> **HOW TO COMPLETE THIS TASK**
Retype, with no pictures, each line from the one that holds "Logged at 1.3 s after image 1." through the last line of the entries below, both included.
--- SUPPLIED INFORMATION ---
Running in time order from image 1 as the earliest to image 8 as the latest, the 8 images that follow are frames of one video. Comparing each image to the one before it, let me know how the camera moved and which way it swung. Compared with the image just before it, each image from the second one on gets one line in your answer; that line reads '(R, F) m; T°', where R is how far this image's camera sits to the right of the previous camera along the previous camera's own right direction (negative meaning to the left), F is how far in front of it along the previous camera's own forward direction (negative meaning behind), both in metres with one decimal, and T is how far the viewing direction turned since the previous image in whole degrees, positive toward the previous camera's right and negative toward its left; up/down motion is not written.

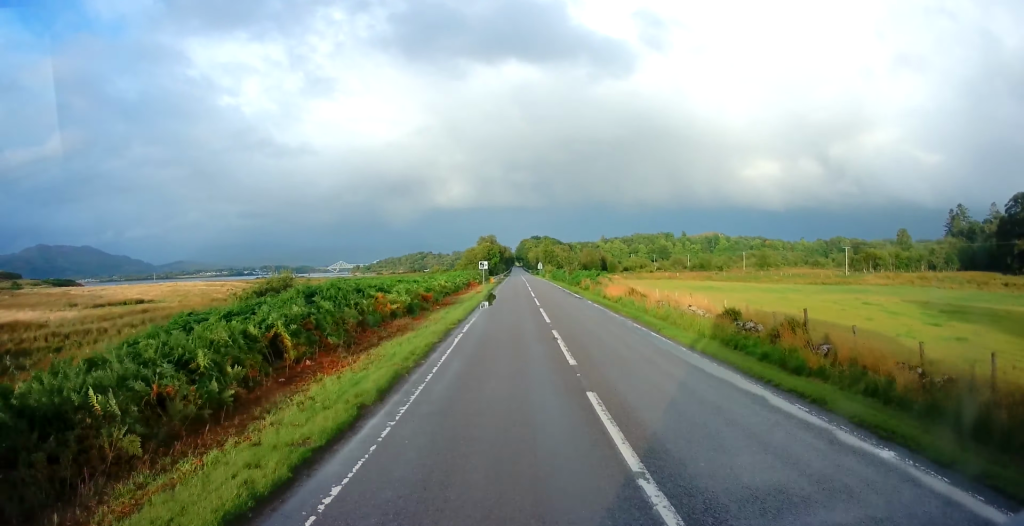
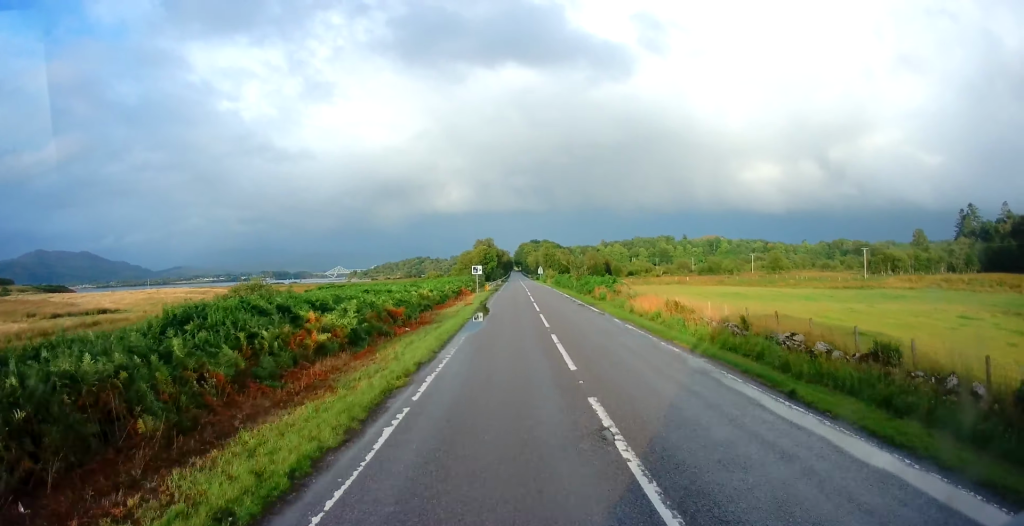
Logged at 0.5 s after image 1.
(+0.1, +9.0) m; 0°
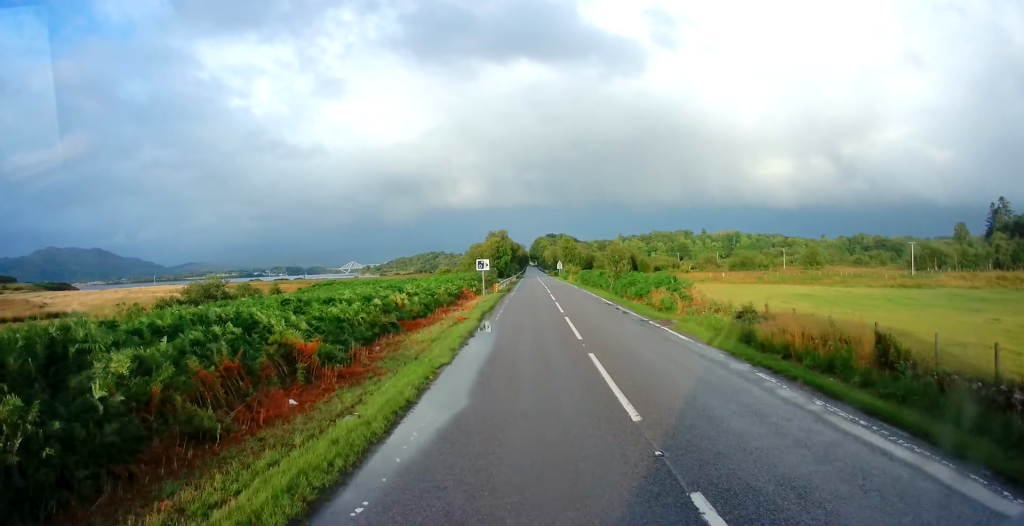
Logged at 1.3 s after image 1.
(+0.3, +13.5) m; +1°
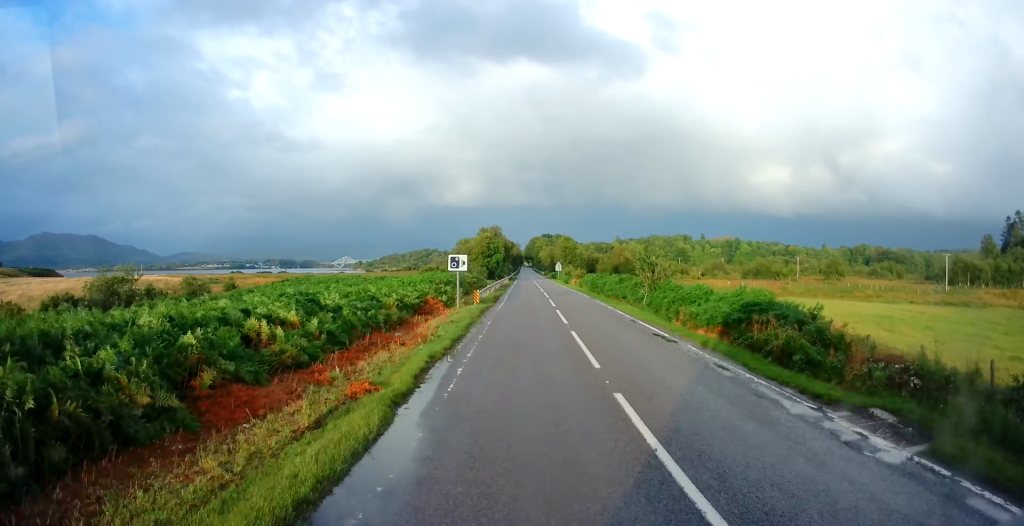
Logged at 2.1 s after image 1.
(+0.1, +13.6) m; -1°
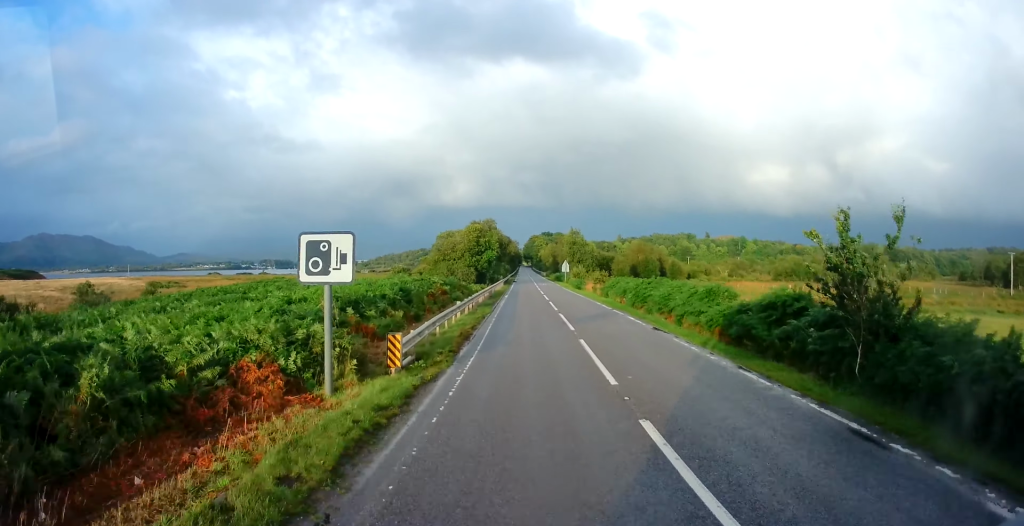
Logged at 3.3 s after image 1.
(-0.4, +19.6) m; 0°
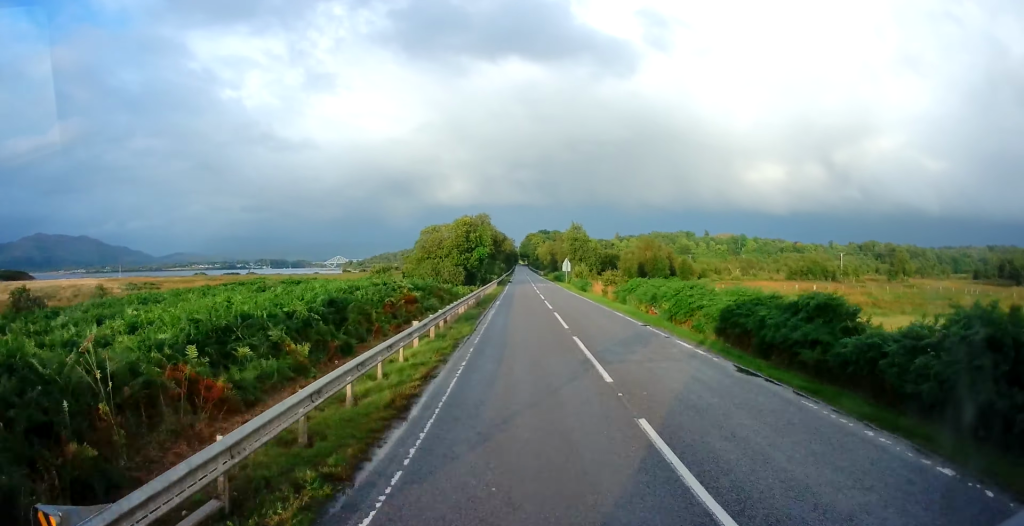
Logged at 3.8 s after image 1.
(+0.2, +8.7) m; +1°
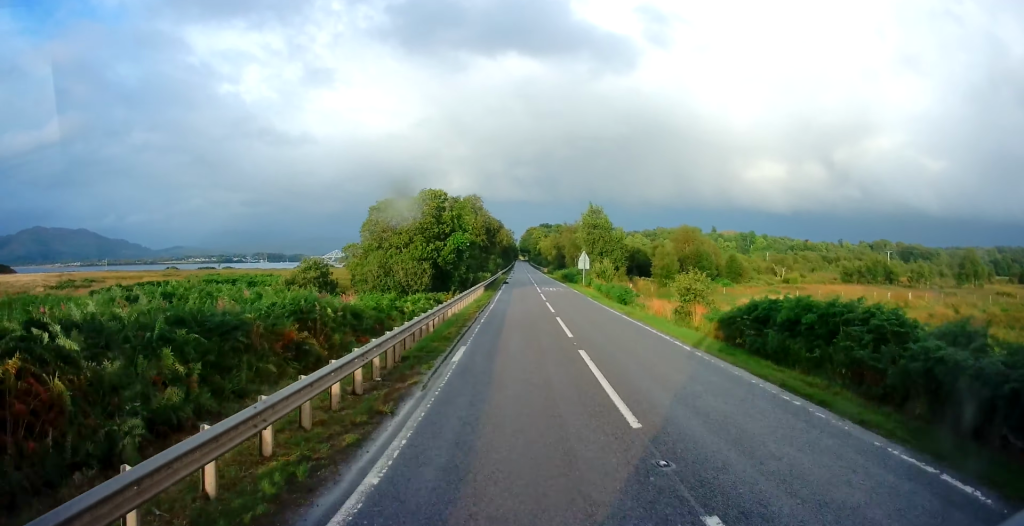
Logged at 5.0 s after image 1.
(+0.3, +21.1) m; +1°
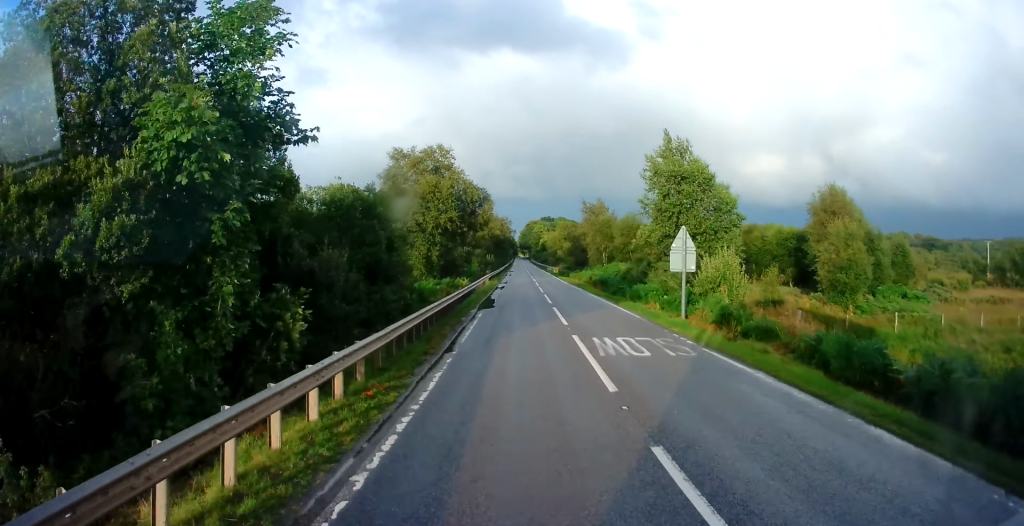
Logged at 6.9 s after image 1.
---
> **OUTPUT**
Logged at 1.3 s after image 1.
(+0.3, +13.5) m; +1°
Logged at 2.1 s after image 1.
(+0.1, +13.6) m; -1°
Logged at 3.3 s after image 1.
(-0.4, +19.6) m; 0°
Logged at 3.8 s after image 1.
(+0.2, +8.7) m; +1°
Logged at 5.0 s after image 1.
(+0.3, +21.1) m; +1°
Logged at 6.9 s after image 1.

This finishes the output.